§ **Exercise aim**:
Reproduce the records below exactly; the images should not appear.

━━ Records provided ━━

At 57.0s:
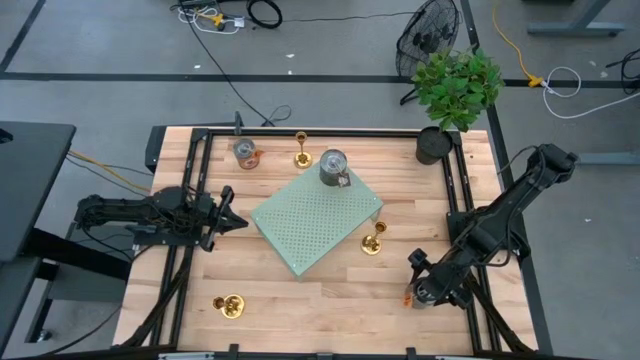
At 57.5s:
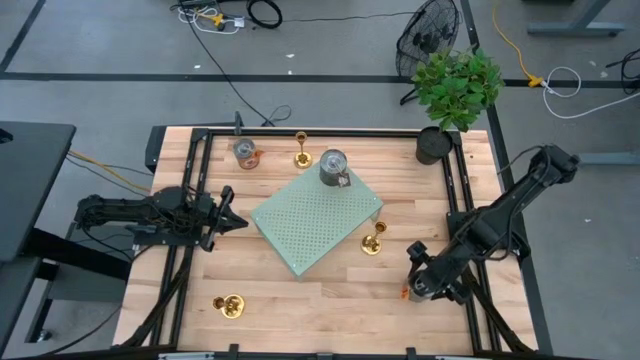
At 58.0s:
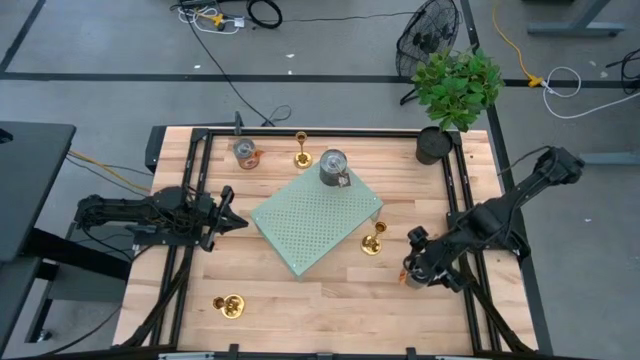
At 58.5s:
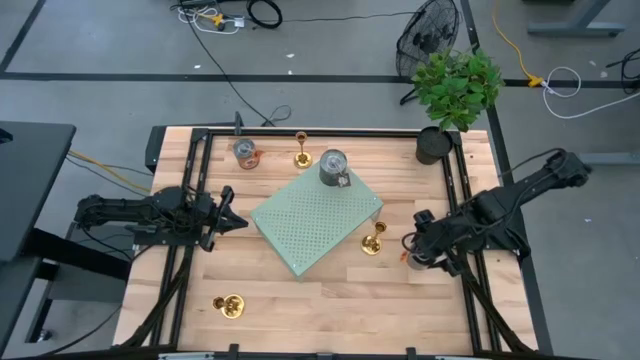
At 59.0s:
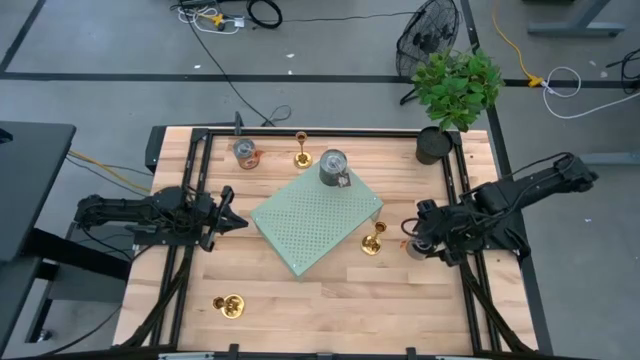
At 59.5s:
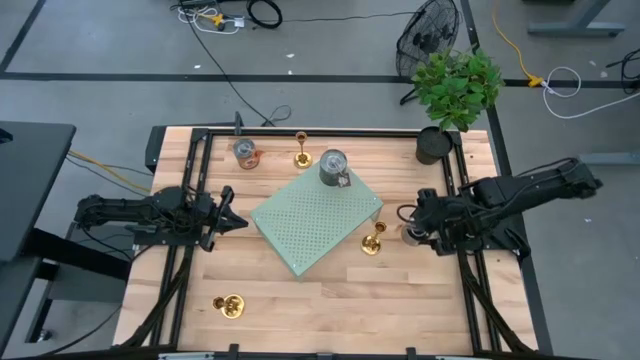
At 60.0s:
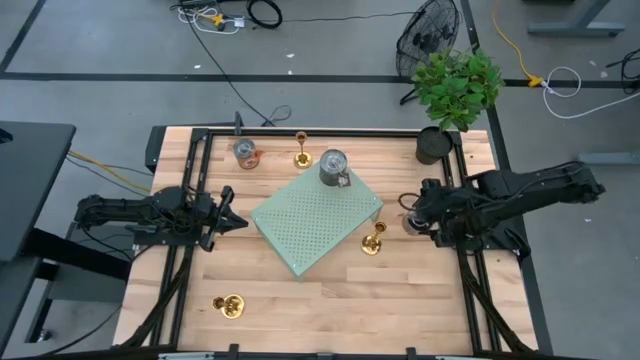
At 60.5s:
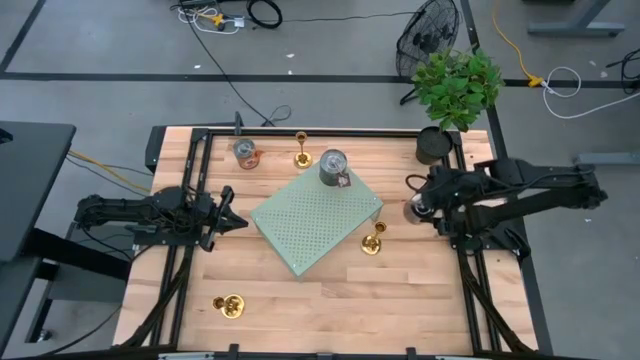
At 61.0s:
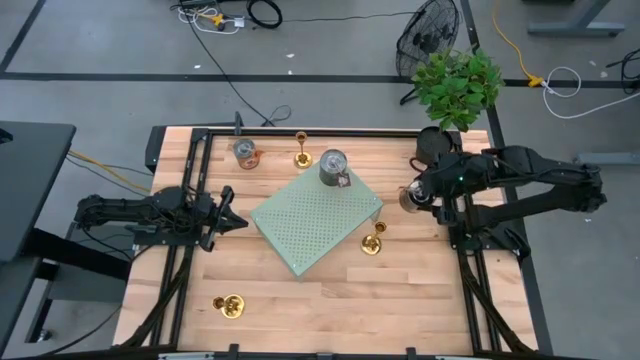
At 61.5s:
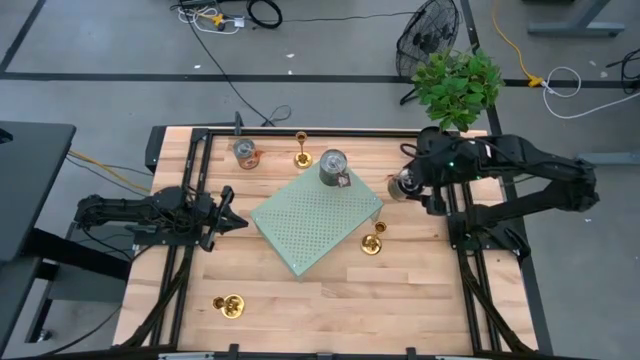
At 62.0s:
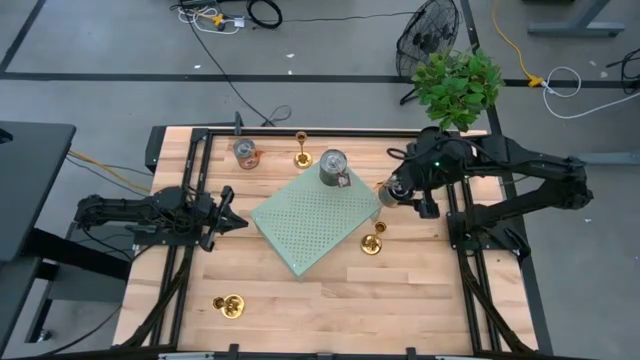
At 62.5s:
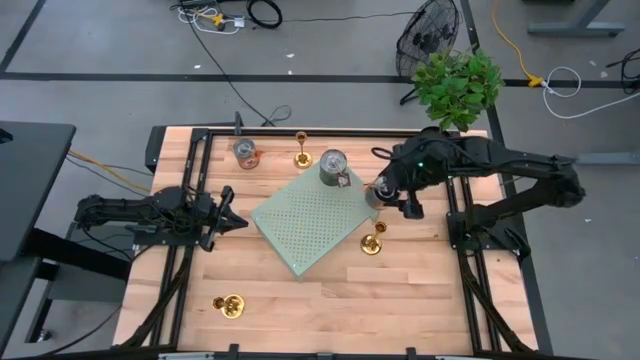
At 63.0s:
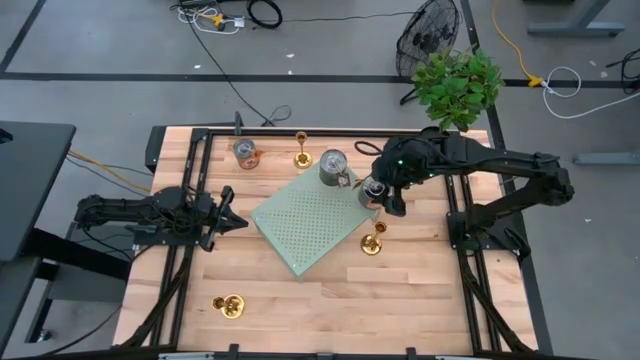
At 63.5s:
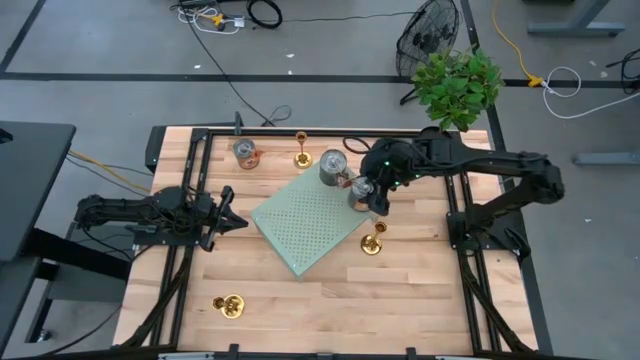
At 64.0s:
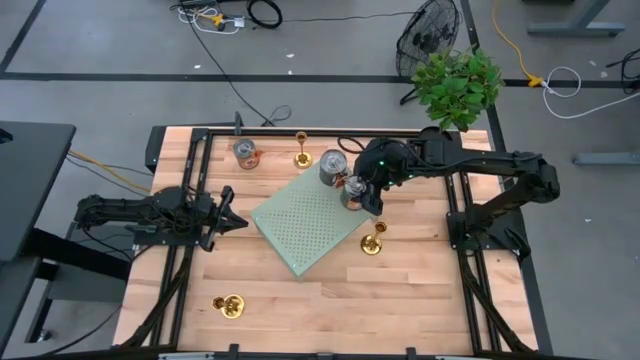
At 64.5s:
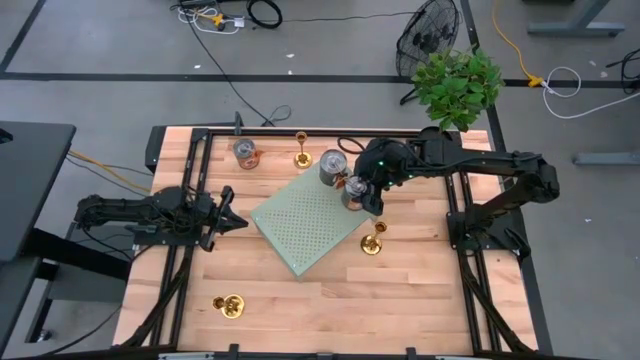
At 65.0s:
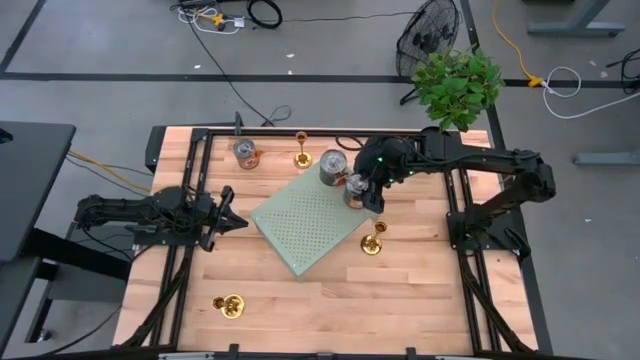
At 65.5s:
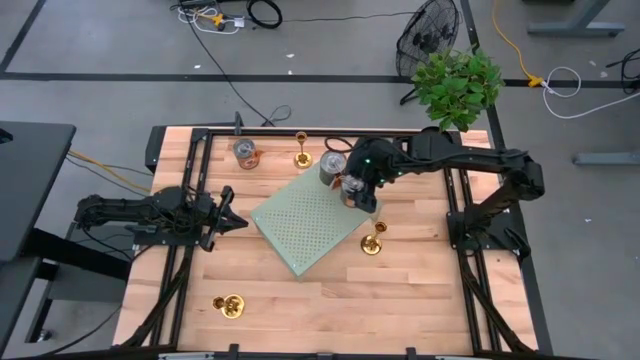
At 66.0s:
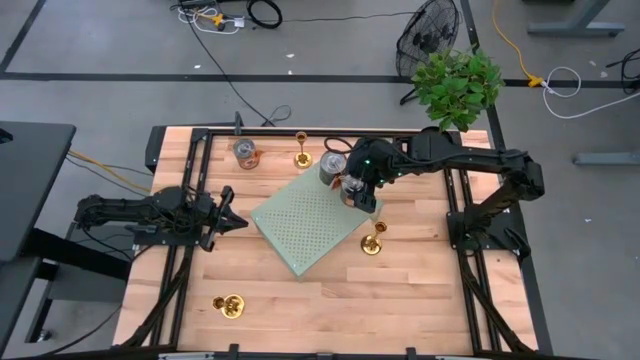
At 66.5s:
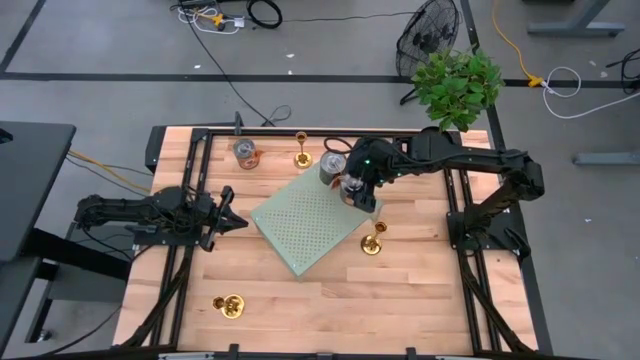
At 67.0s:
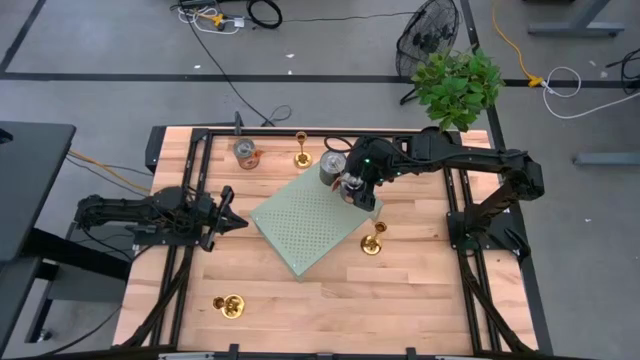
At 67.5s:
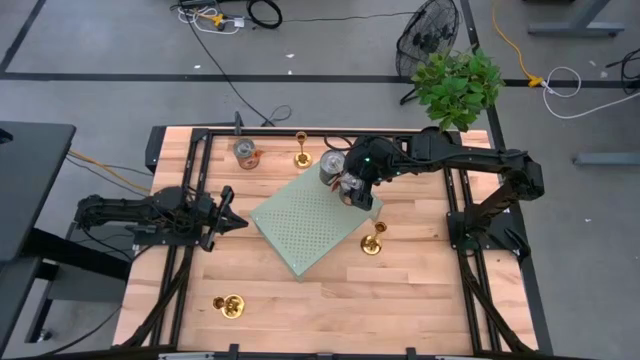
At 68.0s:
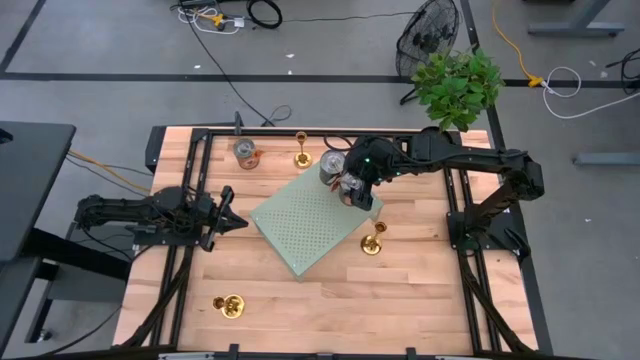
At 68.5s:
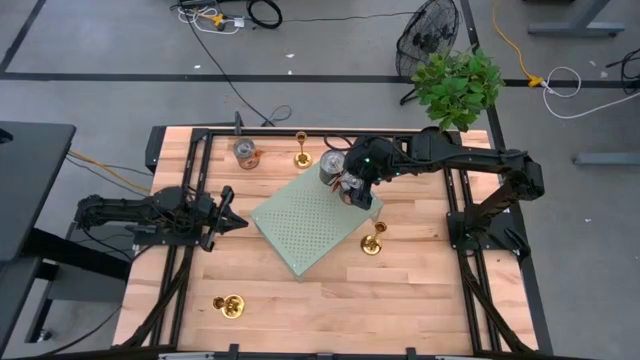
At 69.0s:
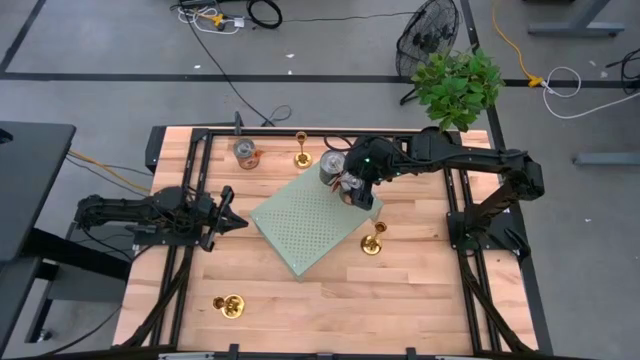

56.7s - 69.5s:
Task: Pick & Place candle stick holders
Put the bottom silver scented candle on the shelf

━━━

§ **Response to this task**:
At 57.0s:
At 57.5s:
At 58.0s:
At 58.5s:
At 59.0s:
At 59.5s:
At 60.0s:
At 60.5s:
At 61.0s:
At 61.5s:
At 62.0s:
At 62.5s:
At 63.0s:
At 63.5s:
At 64.0s:
At 64.5s:
At 65.0s:
At 65.5s:
At 66.0s:
At 66.5s:
At 67.0s:
At 67.5s:
At 68.0s:
At 68.5s:
At 69.0s:

56.7s - 69.5s:
Task: Pick & Place candle stick holders
Put the bottom silver scented candle on the shelf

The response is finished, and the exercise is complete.